Problem details: Could the data below be retyped exactly, without its pictures?

BEGIN Entries supplied

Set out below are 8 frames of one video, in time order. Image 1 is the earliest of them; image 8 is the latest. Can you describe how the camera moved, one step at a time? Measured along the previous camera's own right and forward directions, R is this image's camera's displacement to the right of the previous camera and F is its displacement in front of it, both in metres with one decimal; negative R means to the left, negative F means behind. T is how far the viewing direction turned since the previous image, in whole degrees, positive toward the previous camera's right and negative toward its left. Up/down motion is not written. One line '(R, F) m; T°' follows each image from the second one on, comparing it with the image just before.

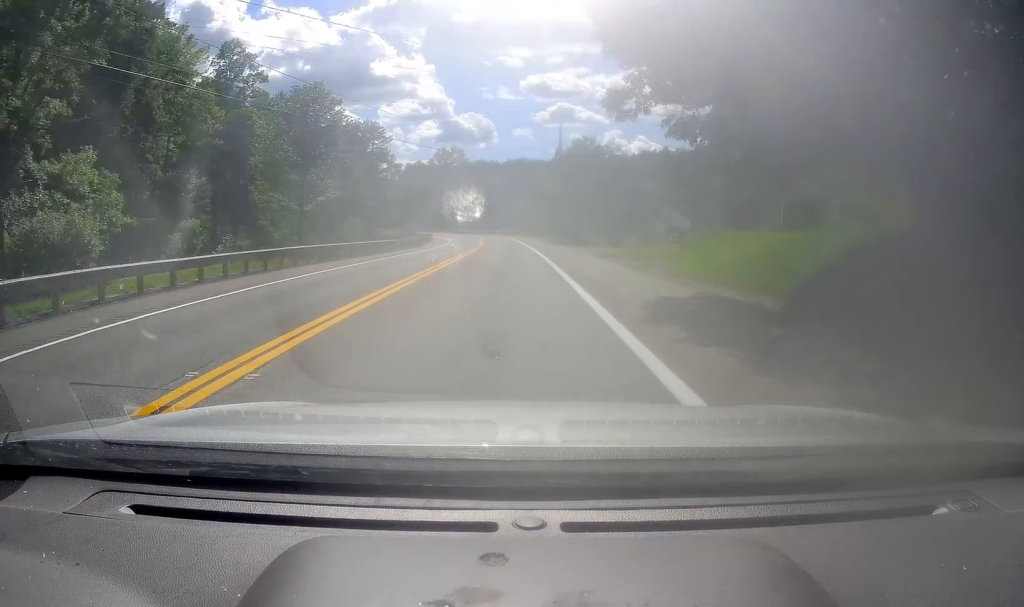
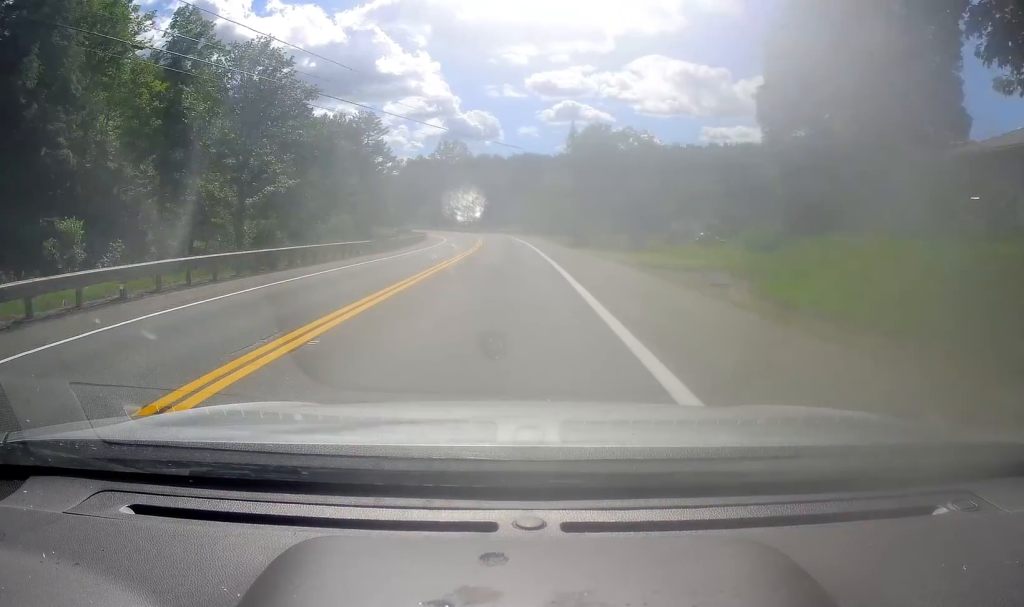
(-0.3, +10.5) m; -1°
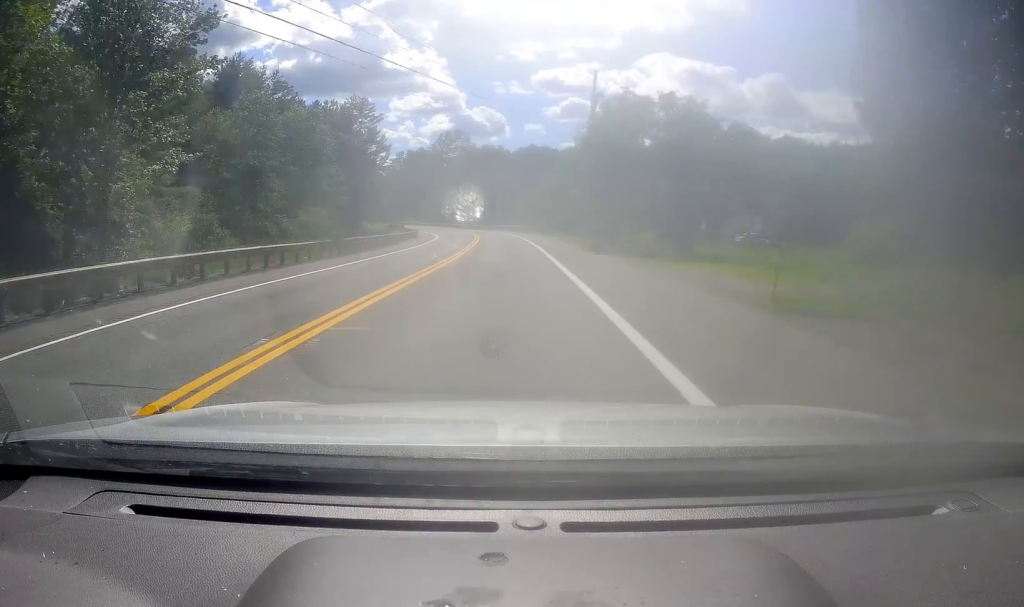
(-0.1, +12.6) m; 0°
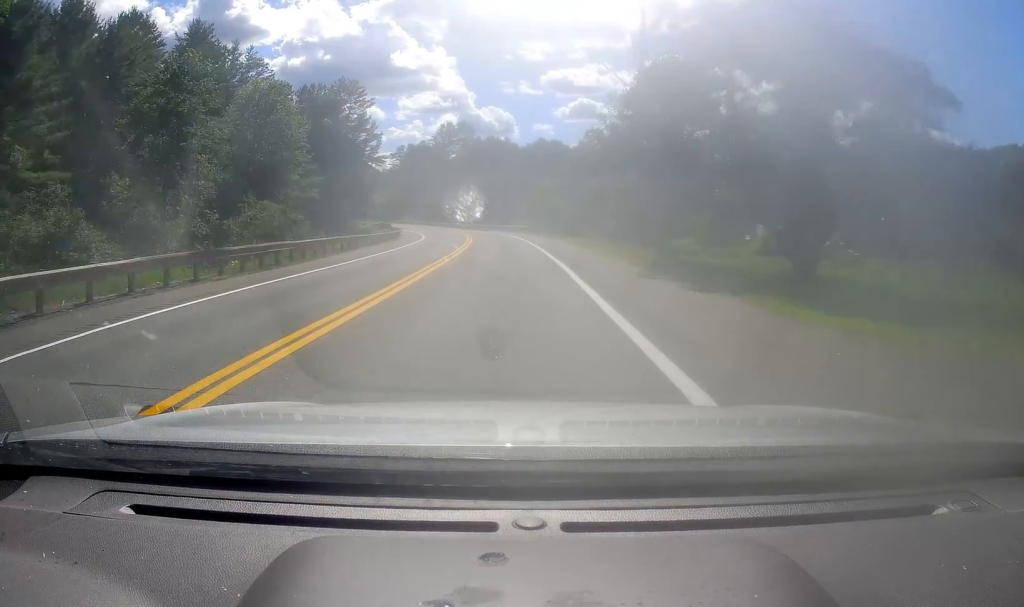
(-0.1, +16.8) m; +1°
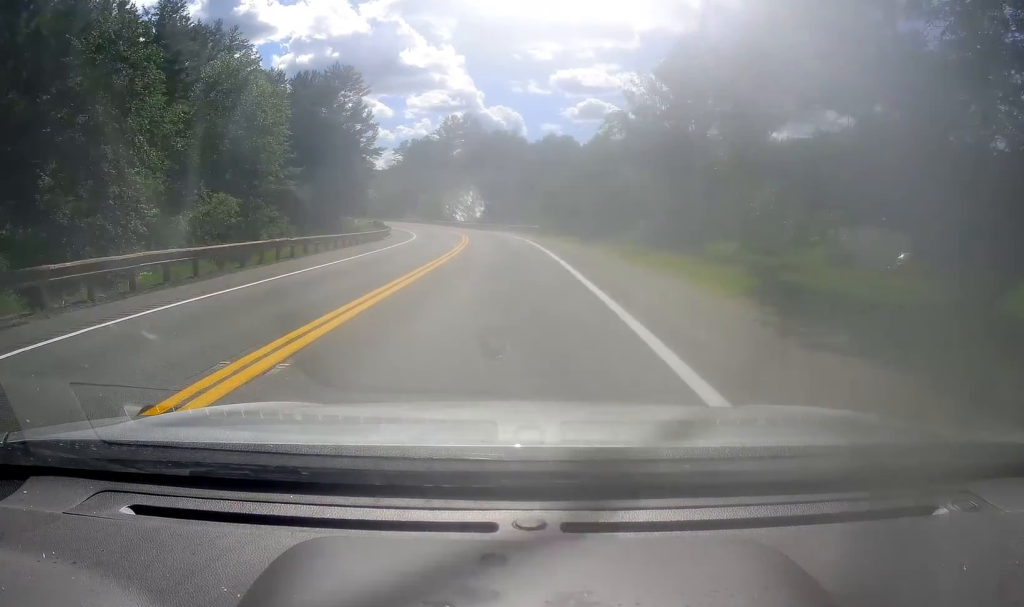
(+0.2, +9.0) m; -1°
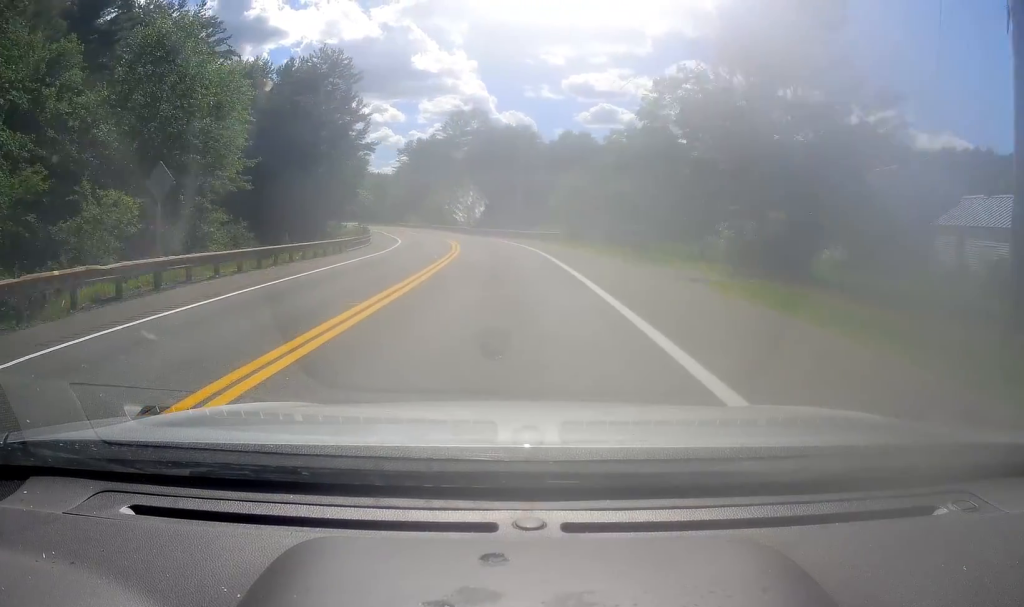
(+0.3, +14.5) m; -1°
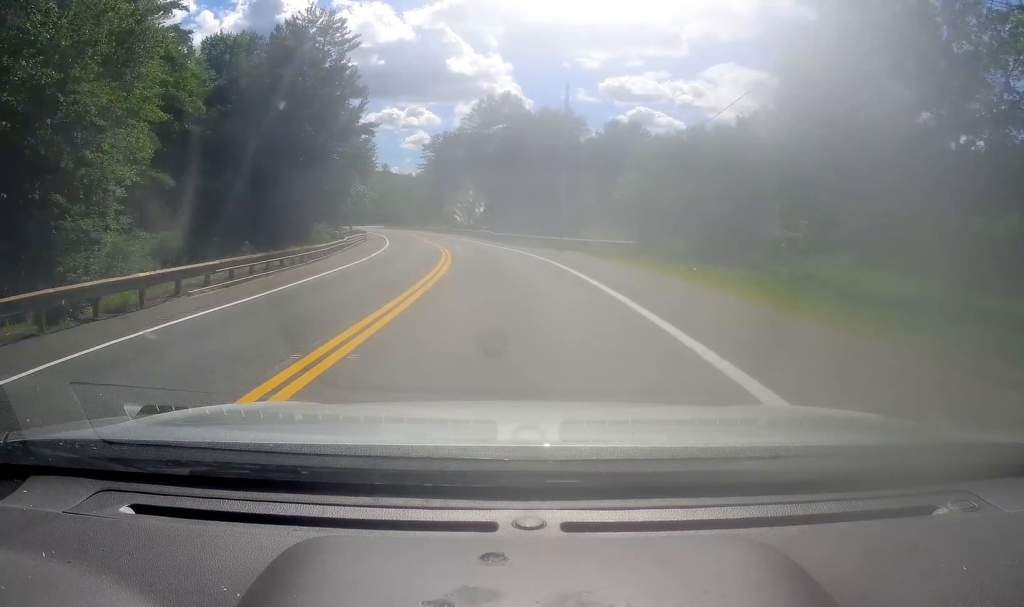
(-1.1, +21.8) m; -3°
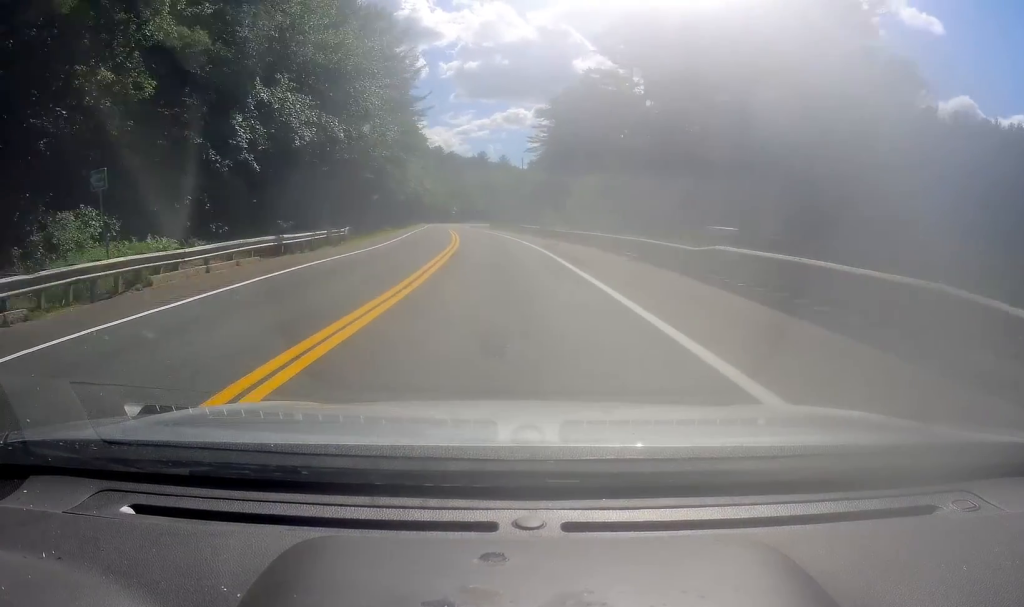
(-4.6, +57.3) m; -10°

END Entries supplied

Result for this task:
Set out below are 8 frames of one video, in time order. Image 1 is the earliest of them; image 8 is the latest. Can you describe how the camera moved, one step at a time? Measured along the previous camera's own right and forward directions, R is this image's camera's displacement to the right of the previous camera and F is its displacement in front of it, both in metres with one decimal; negative R means to the left, negative F means behind. T is how far the viewing direction turned since the previous image, in whole degrees, positive toward the previous camera's right and negative toward its left. Up/down motion is not written. One line '(R, F) m; T°' follows each image from the second one on, comparing it with the image just before.

(-0.3, +10.5) m; -1°
(-0.1, +12.6) m; 0°
(-0.1, +16.8) m; +1°
(+0.2, +9.0) m; -1°
(+0.3, +14.5) m; -1°
(-1.1, +21.8) m; -3°
(-4.6, +57.3) m; -10°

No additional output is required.